> [REQUIRED ACTION]: Your answer should hold exactly the lines below from the line with "བ་འདེབས་ཤིང་དམ" through the line with "བསོད་སྙོམས་པ་ཆ", both included, and no pictures at all.

> [PROVIDED ENTRIES]:
###

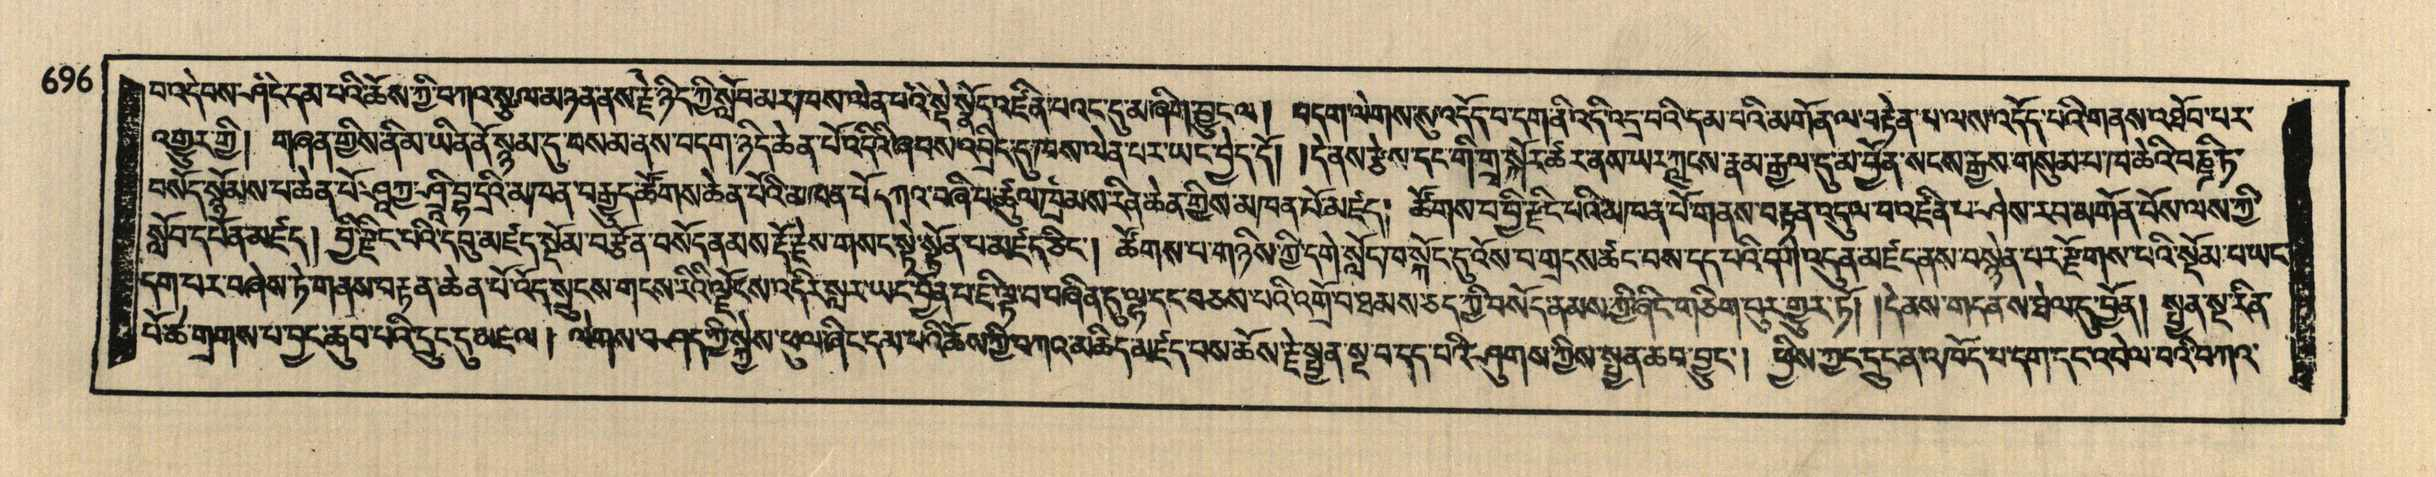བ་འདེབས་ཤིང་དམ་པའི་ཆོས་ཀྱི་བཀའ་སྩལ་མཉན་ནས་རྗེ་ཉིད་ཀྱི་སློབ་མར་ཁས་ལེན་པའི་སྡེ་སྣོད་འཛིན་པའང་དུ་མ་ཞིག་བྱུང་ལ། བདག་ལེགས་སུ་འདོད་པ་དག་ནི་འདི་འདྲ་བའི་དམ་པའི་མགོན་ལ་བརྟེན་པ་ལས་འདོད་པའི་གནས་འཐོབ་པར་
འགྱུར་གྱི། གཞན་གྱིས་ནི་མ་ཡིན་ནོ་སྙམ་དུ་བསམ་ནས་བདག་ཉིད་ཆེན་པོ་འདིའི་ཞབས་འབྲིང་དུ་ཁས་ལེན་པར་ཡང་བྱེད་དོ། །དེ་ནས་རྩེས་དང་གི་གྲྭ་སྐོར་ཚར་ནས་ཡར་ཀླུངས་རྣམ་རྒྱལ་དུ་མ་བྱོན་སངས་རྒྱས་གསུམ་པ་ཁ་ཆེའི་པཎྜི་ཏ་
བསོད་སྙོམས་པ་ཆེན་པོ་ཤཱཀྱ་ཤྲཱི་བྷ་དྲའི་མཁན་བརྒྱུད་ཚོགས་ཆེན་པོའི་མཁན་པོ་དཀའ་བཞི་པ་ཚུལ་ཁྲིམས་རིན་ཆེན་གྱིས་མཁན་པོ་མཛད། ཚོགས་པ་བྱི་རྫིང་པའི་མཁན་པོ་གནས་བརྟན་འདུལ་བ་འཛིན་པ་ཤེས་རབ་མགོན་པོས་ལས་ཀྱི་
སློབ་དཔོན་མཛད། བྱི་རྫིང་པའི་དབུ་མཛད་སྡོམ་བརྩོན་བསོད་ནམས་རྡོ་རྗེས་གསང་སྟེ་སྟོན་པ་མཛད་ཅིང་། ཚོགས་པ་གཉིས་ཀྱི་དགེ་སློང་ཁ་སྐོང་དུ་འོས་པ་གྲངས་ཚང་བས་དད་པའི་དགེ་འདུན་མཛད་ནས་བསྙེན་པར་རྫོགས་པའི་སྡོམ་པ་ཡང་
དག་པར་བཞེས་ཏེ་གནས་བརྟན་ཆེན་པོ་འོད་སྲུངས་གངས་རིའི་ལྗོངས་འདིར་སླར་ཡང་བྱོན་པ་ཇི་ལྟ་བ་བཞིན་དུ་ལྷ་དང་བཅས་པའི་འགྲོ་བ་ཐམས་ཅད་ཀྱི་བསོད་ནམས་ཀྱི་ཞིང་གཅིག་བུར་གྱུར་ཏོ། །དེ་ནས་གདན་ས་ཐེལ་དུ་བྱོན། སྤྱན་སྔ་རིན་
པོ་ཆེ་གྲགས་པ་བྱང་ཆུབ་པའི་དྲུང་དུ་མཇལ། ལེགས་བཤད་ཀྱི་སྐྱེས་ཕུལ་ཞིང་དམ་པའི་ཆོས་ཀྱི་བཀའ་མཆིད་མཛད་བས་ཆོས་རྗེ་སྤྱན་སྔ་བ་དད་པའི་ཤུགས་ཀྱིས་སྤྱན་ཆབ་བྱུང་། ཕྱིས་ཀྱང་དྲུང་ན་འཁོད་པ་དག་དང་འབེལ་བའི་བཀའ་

###

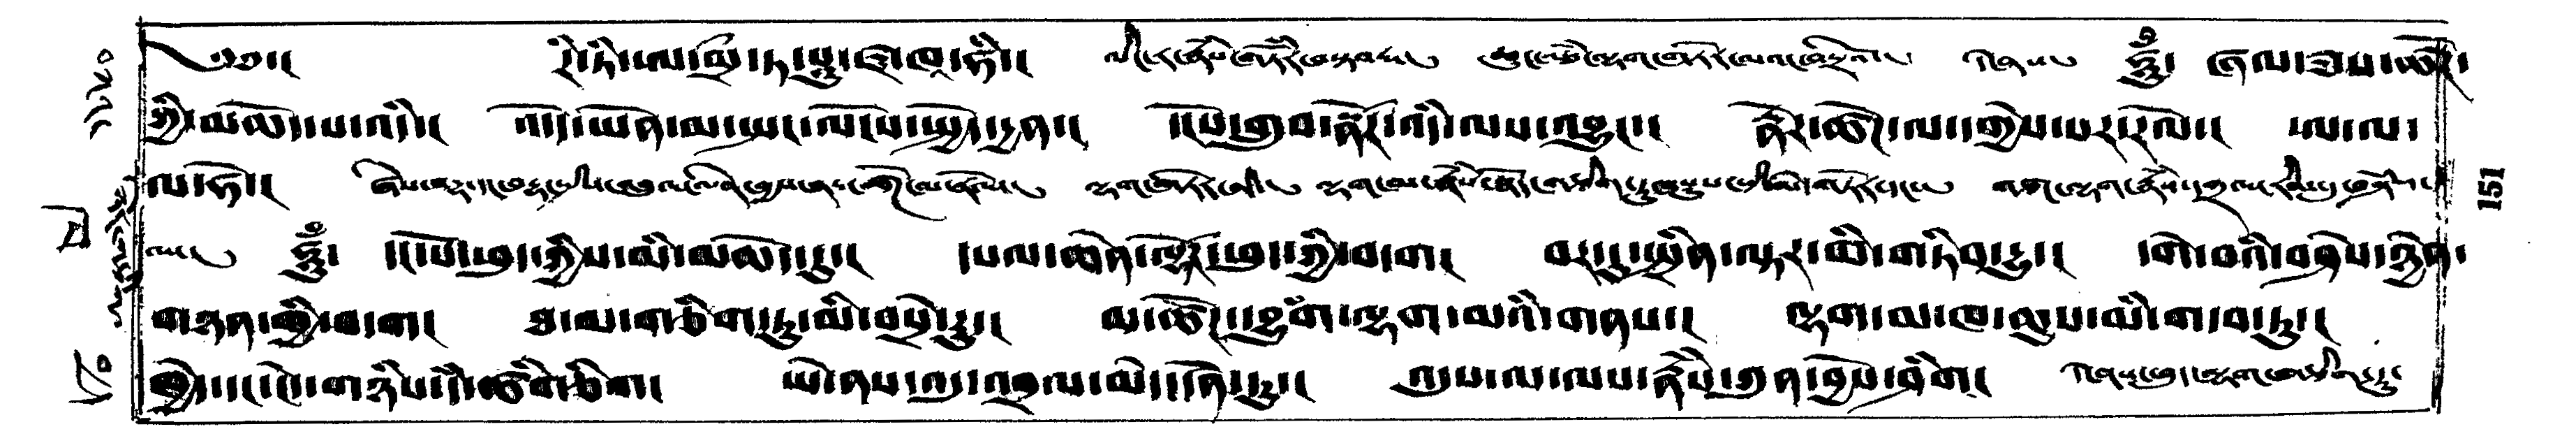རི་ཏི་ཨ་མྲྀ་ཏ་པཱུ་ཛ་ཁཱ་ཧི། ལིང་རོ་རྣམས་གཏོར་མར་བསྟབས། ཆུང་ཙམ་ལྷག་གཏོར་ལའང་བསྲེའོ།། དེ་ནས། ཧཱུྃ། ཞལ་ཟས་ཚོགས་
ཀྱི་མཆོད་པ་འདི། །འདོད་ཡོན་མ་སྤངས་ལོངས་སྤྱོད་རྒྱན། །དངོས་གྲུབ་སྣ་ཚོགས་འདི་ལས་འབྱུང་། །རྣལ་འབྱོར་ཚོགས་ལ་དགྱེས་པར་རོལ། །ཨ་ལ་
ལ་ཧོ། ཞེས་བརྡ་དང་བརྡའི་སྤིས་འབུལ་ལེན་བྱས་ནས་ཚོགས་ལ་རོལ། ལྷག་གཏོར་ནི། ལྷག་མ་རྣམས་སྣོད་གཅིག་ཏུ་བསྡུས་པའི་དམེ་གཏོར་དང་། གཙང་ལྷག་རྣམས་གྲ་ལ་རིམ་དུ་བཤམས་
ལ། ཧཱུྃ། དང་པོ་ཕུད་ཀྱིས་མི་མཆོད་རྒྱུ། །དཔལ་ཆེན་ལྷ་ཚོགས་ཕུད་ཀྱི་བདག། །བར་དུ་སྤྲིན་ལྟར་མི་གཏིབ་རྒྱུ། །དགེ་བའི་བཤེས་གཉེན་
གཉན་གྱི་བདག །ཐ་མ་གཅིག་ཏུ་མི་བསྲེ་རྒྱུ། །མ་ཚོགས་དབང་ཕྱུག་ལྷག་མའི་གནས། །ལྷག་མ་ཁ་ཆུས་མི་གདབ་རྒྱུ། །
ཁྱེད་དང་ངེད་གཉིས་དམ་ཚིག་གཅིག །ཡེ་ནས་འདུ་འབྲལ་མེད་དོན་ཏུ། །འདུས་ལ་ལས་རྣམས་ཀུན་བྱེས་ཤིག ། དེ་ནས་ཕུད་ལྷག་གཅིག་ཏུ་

###

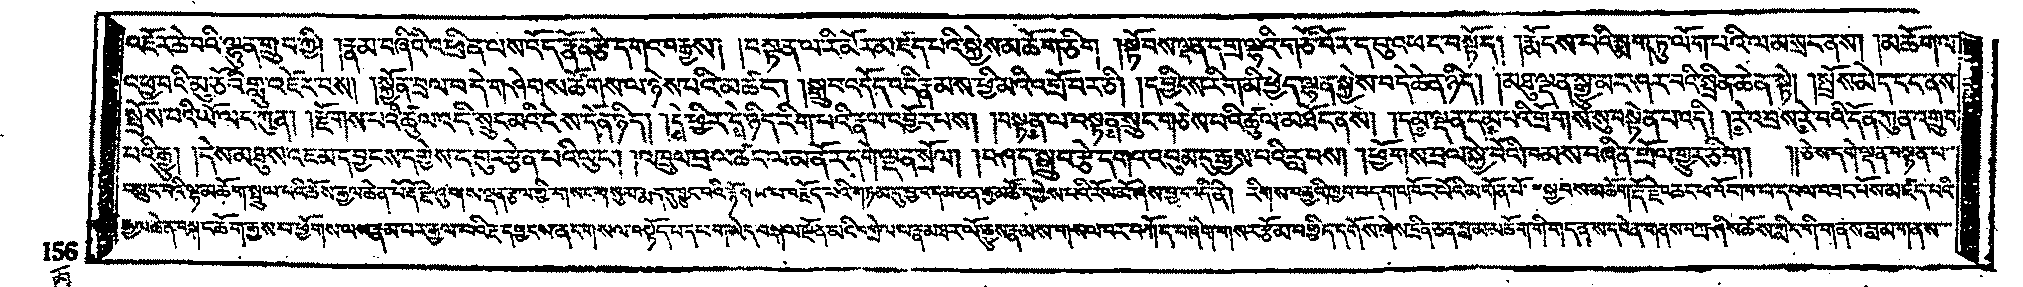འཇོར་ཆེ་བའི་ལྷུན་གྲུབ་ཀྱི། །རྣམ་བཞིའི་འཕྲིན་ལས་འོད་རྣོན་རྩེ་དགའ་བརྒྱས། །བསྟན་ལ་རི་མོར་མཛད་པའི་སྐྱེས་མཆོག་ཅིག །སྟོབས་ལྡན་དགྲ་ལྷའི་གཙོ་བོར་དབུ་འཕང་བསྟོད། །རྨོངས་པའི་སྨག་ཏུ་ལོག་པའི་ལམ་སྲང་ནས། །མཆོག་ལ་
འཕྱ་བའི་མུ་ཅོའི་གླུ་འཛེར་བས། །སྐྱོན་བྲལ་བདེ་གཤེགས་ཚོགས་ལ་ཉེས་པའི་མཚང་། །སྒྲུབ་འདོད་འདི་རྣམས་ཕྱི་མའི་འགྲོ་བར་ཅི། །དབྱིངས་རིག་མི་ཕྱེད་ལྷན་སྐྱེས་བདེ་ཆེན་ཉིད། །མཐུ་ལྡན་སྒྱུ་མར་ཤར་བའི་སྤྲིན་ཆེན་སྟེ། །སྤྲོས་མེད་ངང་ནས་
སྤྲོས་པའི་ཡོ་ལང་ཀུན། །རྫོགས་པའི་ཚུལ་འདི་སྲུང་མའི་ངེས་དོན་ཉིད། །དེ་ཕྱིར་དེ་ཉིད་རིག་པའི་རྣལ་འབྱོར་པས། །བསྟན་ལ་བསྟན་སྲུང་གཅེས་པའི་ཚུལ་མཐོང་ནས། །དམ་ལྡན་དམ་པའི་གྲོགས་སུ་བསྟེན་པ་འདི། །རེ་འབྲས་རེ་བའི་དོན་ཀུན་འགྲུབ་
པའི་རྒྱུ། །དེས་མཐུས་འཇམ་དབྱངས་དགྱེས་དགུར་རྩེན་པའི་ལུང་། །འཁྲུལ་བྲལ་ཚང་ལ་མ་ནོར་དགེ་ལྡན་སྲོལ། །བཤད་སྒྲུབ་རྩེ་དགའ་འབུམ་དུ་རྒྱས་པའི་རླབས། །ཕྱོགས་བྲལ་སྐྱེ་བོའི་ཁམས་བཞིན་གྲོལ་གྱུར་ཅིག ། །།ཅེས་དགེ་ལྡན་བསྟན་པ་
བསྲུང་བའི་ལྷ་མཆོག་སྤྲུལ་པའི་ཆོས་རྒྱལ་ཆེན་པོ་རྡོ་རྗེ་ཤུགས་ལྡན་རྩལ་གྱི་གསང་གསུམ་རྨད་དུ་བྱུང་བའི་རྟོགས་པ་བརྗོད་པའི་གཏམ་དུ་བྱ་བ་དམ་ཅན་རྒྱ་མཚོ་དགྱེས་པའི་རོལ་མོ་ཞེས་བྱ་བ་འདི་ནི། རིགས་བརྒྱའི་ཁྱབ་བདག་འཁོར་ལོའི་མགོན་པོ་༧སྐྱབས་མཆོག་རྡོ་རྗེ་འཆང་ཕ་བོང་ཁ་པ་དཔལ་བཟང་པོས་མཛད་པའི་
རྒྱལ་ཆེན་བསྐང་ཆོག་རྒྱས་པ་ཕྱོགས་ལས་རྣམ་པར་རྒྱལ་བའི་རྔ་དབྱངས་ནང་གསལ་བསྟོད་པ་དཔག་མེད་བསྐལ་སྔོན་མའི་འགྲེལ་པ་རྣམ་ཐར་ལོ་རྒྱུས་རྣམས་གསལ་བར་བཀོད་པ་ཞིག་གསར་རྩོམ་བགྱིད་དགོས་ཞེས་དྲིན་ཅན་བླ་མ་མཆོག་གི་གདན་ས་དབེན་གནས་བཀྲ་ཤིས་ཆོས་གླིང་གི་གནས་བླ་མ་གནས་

###

> [RESPONSE]:
བ་འདེབས་ཤིང་དམ་པའི་ཆོས་ཀྱི་བཀའ་སྩལ་མཉན་ནས་རྗེ་ཉིད་ཀྱི་སློབ་མར་ཁས་ལེན་པའི་སྡེ་སྣོད་འཛིན་པའང་དུ་མ་ཞིག་བྱུང་ལ། བདག་ལེགས་སུ་འདོད་པ་དག་ནི་འདི་འདྲ་བའི་དམ་པའི་མགོན་ལ་བརྟེན་པ་ལས་འདོད་པའི་གནས་འཐོབ་པར་
འགྱུར་གྱི། གཞན་གྱིས་ནི་མ་ཡིན་ནོ་སྙམ་དུ་བསམ་ནས་བདག་ཉིད་ཆེན་པོ་འདིའི་ཞབས་འབྲིང་དུ་ཁས་ལེན་པར་ཡང་བྱེད་དོ། །དེ་ནས་རྩེས་དང་གི་གྲྭ་སྐོར་ཚར་ནས་ཡར་ཀླུངས་རྣམ་རྒྱལ་དུ་མ་བྱོན་སངས་རྒྱས་གསུམ་པ་ཁ་ཆེའི་པཎྜི་ཏ་
བསོད་སྙོམས་པ་ཆེན་པོ་ཤཱཀྱ་ཤྲཱི་བྷ་དྲའི་མཁན་བརྒྱུད་ཚོགས་ཆེན་པོའི་མཁན་པོ་དཀའ་བཞི་པ་ཚུལ་ཁྲིམས་རིན་ཆེན་གྱིས་མཁན་པོ་མཛད། ཚོགས་པ་བྱི་རྫིང་པའི་མཁན་པོ་གནས་བརྟན་འདུལ་བ་འཛིན་པ་ཤེས་རབ་མགོན་པོས་ལས་ཀྱི་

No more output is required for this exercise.